Stored data entries
....................
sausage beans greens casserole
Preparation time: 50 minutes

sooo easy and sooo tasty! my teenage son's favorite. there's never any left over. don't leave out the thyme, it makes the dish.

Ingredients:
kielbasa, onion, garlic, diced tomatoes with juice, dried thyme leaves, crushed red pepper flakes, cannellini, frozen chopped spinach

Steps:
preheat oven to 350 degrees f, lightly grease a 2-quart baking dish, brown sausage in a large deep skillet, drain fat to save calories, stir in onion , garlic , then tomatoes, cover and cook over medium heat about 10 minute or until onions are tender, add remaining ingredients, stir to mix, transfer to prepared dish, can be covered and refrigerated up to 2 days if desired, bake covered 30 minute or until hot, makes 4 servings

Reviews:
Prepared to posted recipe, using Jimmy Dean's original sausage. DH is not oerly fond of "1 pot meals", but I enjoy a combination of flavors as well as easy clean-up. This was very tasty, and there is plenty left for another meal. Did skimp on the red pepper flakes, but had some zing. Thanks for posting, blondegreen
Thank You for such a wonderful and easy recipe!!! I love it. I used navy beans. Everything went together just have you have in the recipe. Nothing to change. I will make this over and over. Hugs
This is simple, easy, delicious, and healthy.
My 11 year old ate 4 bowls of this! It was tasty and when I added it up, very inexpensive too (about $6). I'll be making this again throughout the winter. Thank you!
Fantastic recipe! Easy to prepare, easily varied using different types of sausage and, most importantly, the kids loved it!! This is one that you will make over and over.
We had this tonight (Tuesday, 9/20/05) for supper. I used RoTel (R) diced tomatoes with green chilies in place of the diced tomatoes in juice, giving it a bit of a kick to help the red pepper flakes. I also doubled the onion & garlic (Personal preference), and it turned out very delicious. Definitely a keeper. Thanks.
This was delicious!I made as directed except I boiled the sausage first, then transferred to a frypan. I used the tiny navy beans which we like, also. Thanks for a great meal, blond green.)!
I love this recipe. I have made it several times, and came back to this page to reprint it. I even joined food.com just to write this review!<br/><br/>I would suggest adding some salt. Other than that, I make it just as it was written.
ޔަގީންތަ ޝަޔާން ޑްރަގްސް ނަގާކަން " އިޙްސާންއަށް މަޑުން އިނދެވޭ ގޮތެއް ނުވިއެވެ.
....................
Copy the lines above exactly. Start with the line containing "Prepared to posted", end with the line containing "This is simple, easy, delicious, and healthy.", and include both.

Prepared to posted recipe, using Jimmy Dean's original sausage. DH is not oerly fond of "1 pot meals", but I enjoy a combination of flavors as well as easy clean-up. This was very tasty, and there is plenty left for another meal. Did skimp on the red pepper flakes, but had some zing. Thanks for posting, blondegreen
Thank You for such a wonderful and easy recipe!!! I love it. I used navy beans. Everything went together just have you have in the recipe. Nothing to change. I will make this over and over. Hugs
This is simple, easy, delicious, and healthy.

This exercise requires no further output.